Here is the expected output:

Found 1 GSMs
Deploying [datagrid] with name [mySpace] under groups [gigaspaces-8.0.0-XAPPremium-ga] and locators []
SLA Not Found in PU.  Using Default SLA.
Overrding SLA cluster schema with [partitioned-sync2backup]
Overrding SLA numberOfInstances with [2]
Overrding SLA numberOfBackups with [0]
Waiting for [2] processing unitClosed This is the unit of packaging and deployment in the GigaSpaces Data Grid, and is essentially the main GigaSpaces service. The Processing Unit (PU) itself is typically deployed onto the Service Grid. When a Processing Unit is deployed, a Processing Unit instance is the actual runtime entity. instances to be deployed...
[mySpace] [1] deployed successfully on [127.0.0.1]
[mySpace] [2] deployed successfully on [127.0.0.1]
Finished deploying [2] processing unit instances

Deploy the Spring Batch PU

Deploy the Spring Batch PU using the GS-UI or the CLI.

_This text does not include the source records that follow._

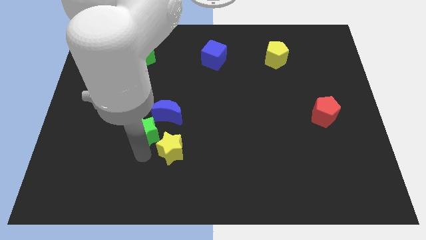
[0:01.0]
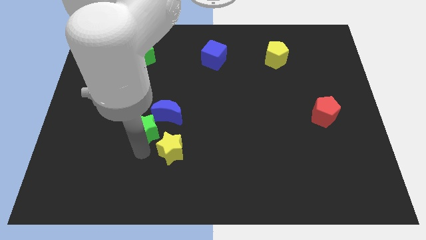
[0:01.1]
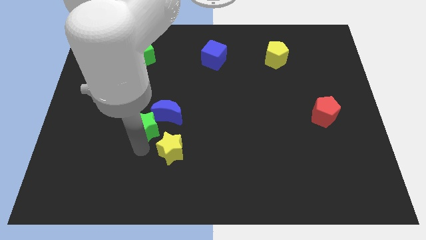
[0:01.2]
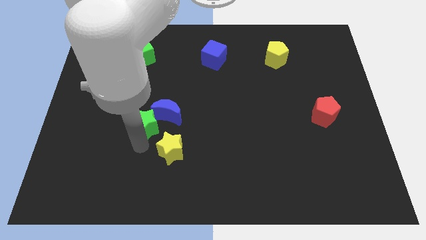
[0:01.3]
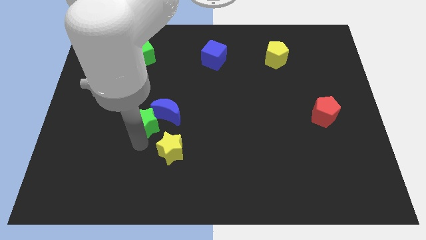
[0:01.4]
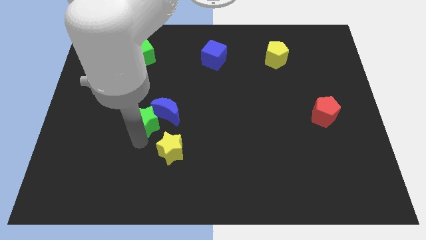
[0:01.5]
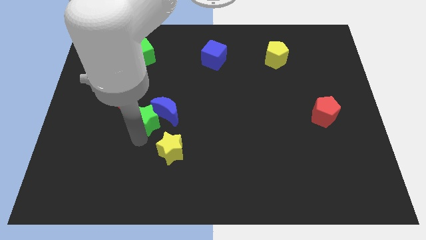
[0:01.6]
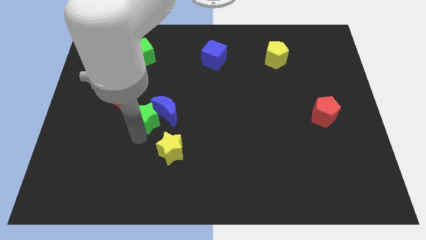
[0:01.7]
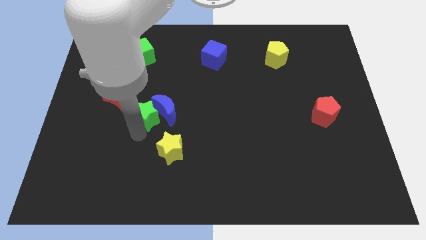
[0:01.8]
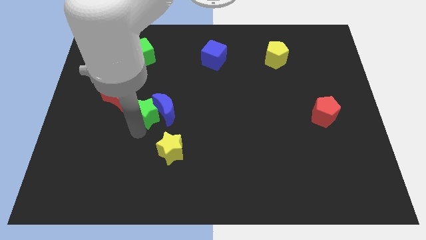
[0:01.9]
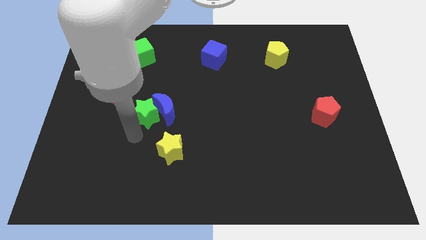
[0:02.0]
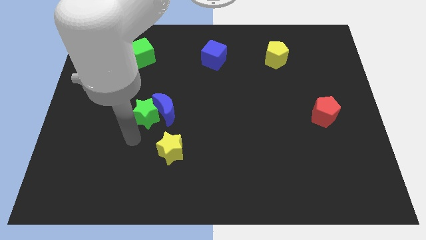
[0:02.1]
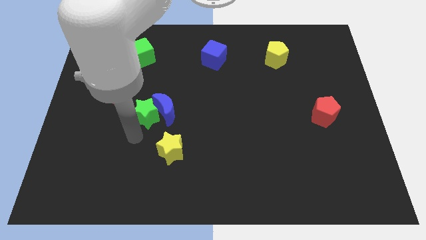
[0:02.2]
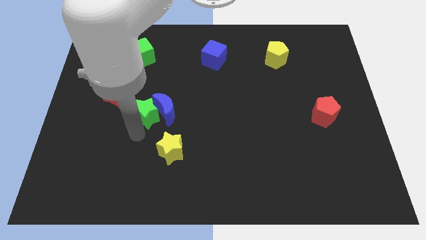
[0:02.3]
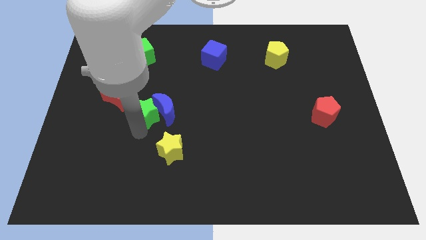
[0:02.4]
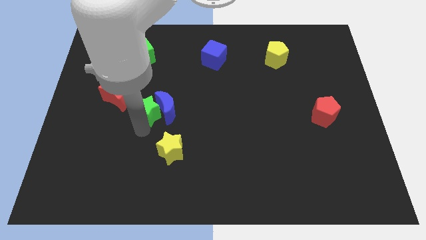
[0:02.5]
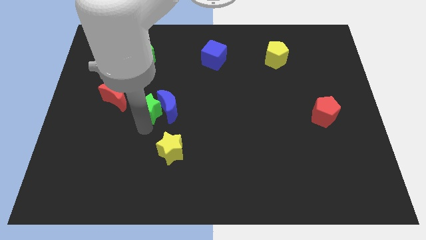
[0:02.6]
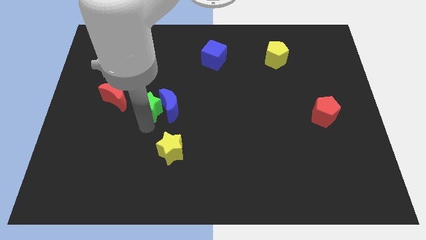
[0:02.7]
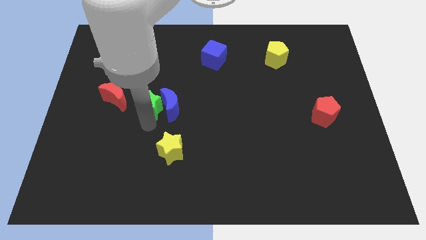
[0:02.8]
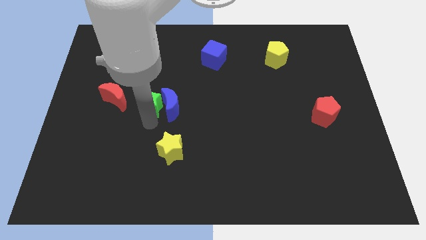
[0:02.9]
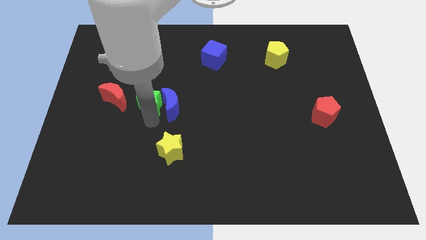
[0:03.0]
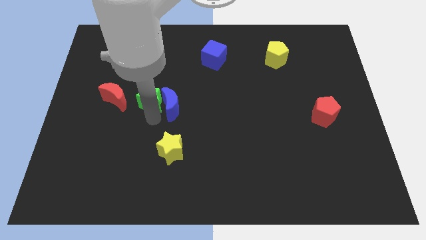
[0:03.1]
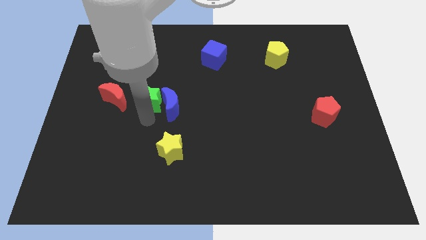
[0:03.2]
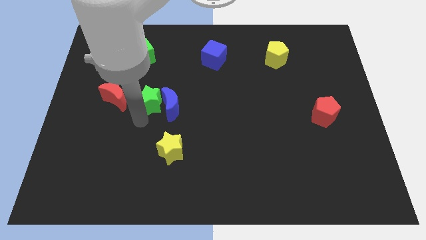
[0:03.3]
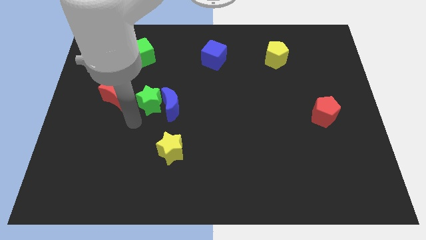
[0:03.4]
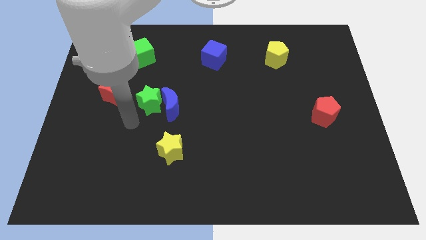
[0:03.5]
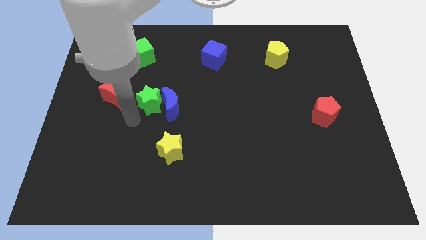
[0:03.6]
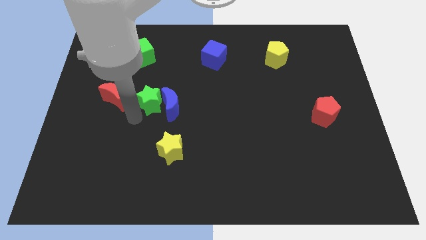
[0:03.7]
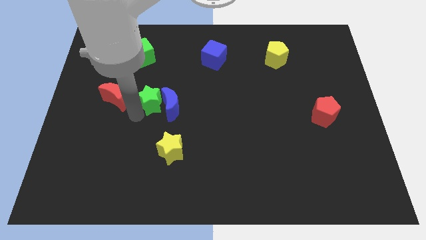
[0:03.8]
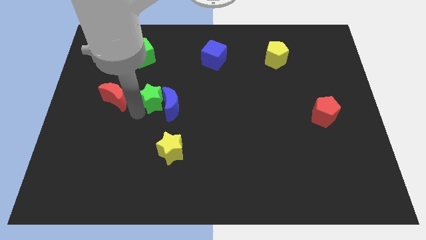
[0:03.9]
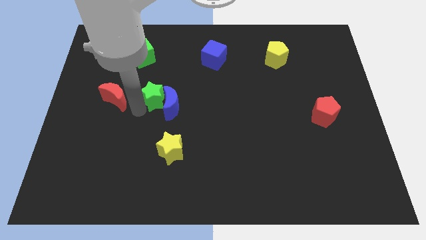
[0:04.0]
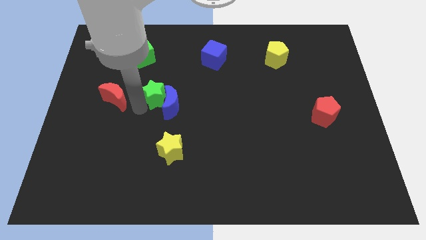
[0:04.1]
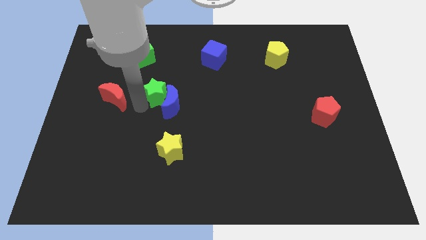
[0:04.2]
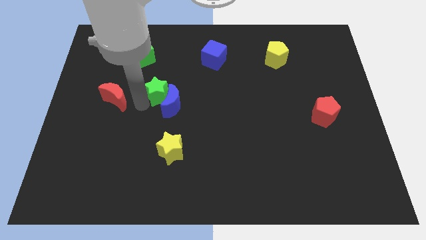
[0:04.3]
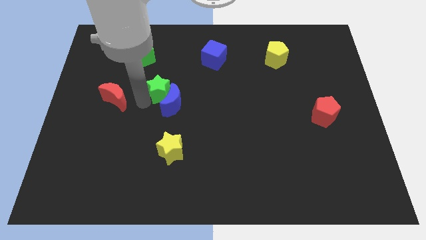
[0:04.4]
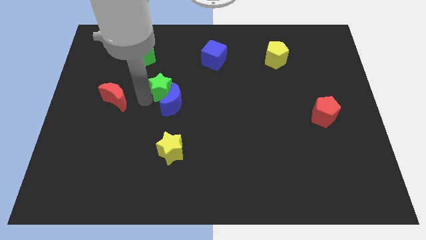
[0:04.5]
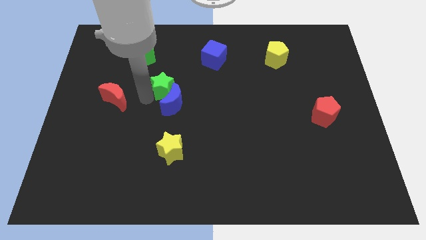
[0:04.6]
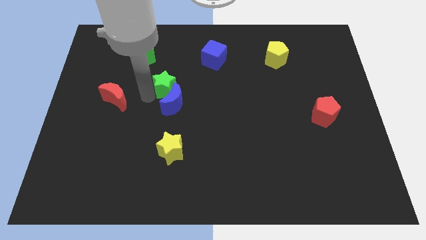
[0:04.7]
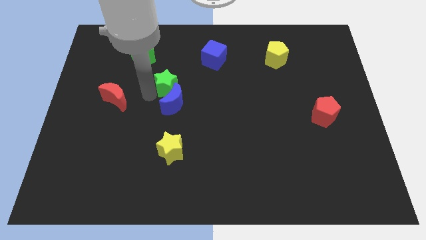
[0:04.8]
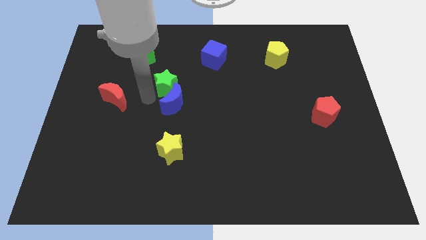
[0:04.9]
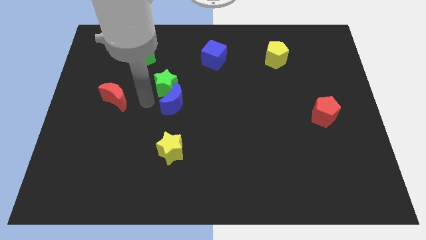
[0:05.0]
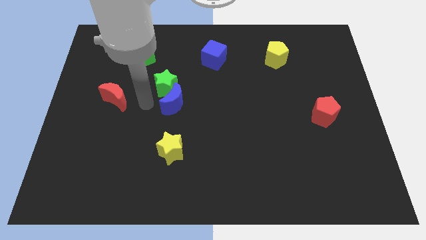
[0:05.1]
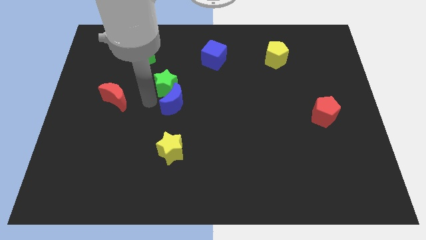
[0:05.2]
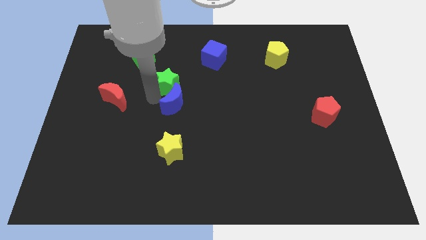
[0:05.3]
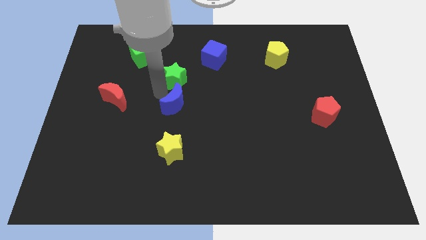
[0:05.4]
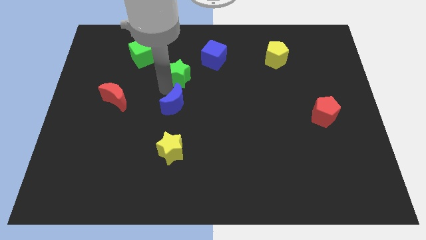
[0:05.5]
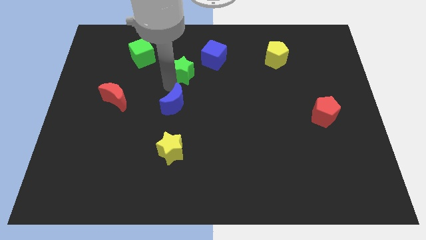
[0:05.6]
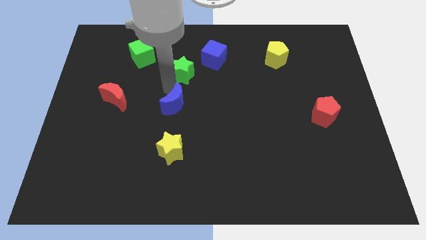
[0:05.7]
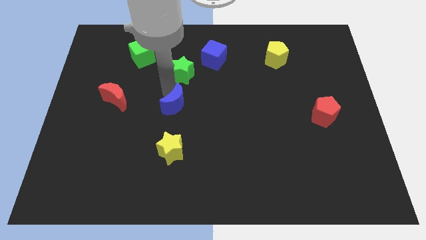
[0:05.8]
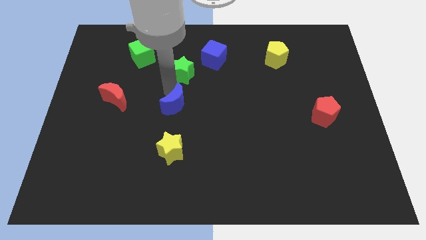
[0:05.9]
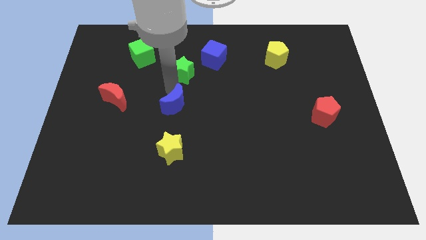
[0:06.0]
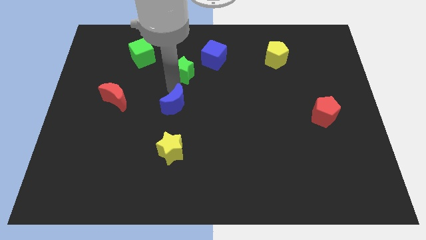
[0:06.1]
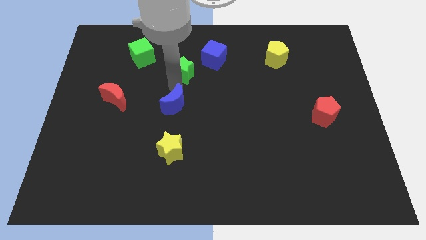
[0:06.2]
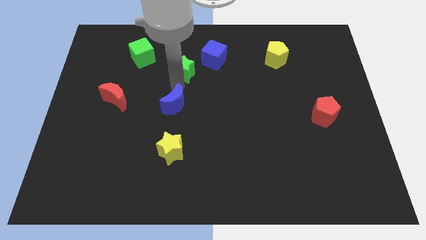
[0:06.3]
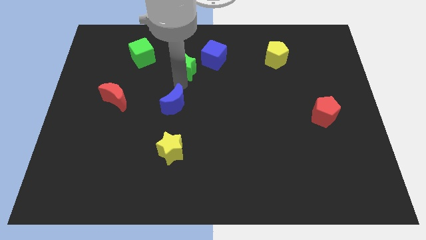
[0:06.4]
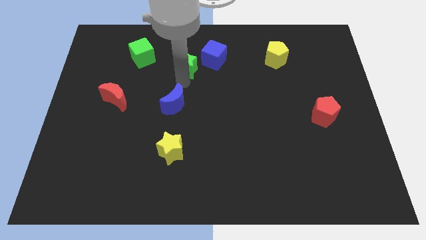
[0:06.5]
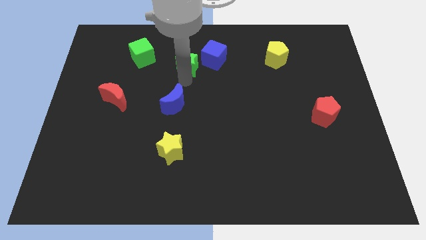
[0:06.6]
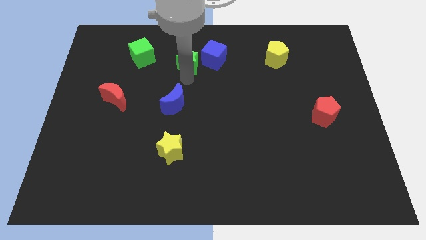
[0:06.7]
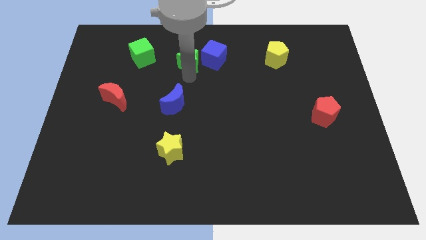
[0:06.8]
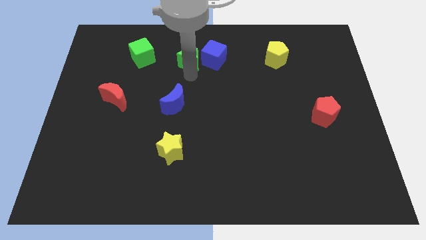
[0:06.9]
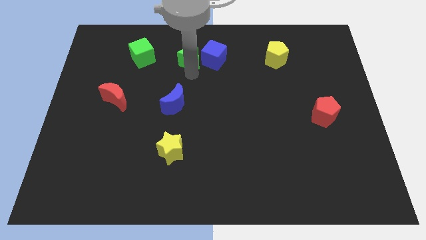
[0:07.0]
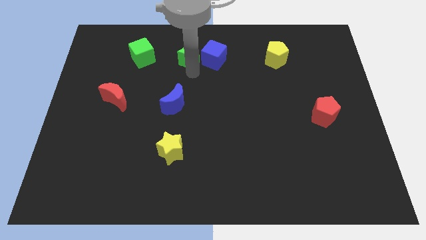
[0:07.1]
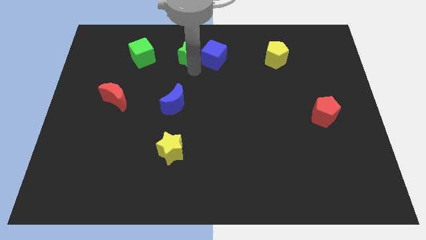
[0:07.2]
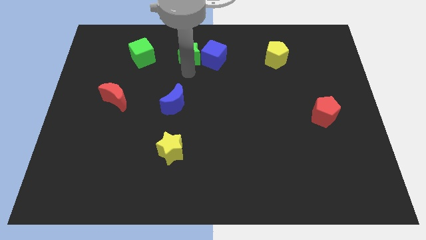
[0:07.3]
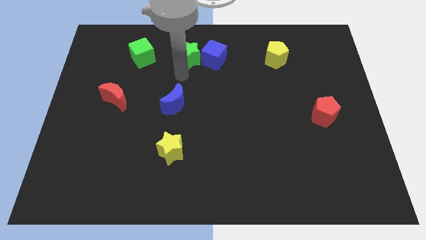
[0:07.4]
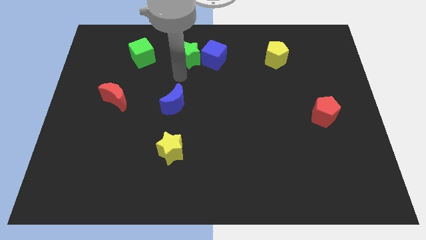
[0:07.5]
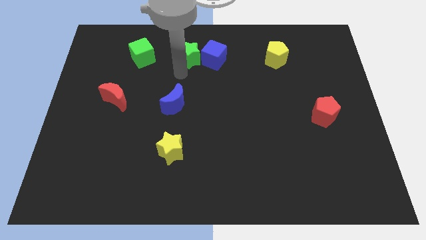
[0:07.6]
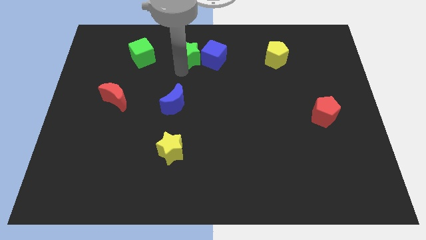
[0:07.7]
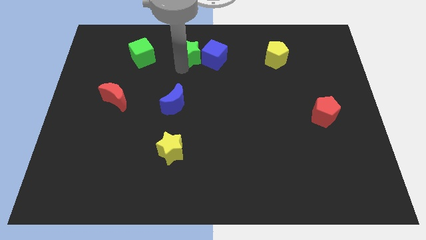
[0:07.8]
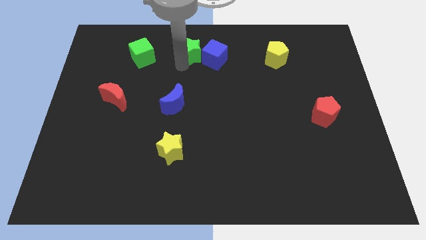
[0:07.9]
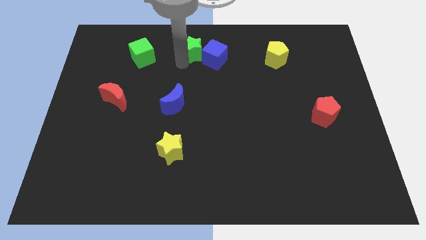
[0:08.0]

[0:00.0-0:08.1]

gs deploy -cluster total_members=2 SpringBatchP

Here is the expected output:

Found 1 GSMs
Deploying [SpringBatchPU] with name [SpringBatchPU] under groups [gigaspaces-8.0
.0-XAPPremium-ga] and locators []
SLA Not Found in PU.  Using Default SLA.
Overrding SLA numberOfInstances with [2]
Overrding SLA numberOfBackups with [null]
Waiting for [2] processing unit instances to be deployed...
[SpringBatchPU] [1] deployed successfully on [127.0.0.1]
[SpringBatchPU] [2] deployed successfully on [127.0.0.1]
Finished deploying [2] processing unit instances

Run the Master

To run the master execute the following:

java com.gigaspaces.springbatch.Master

The Master will write 100 Request objects with a specific Job ID into the space and will wait for 100 Result objects with the relevant Job ID. This cycle will repeat itself 10 times.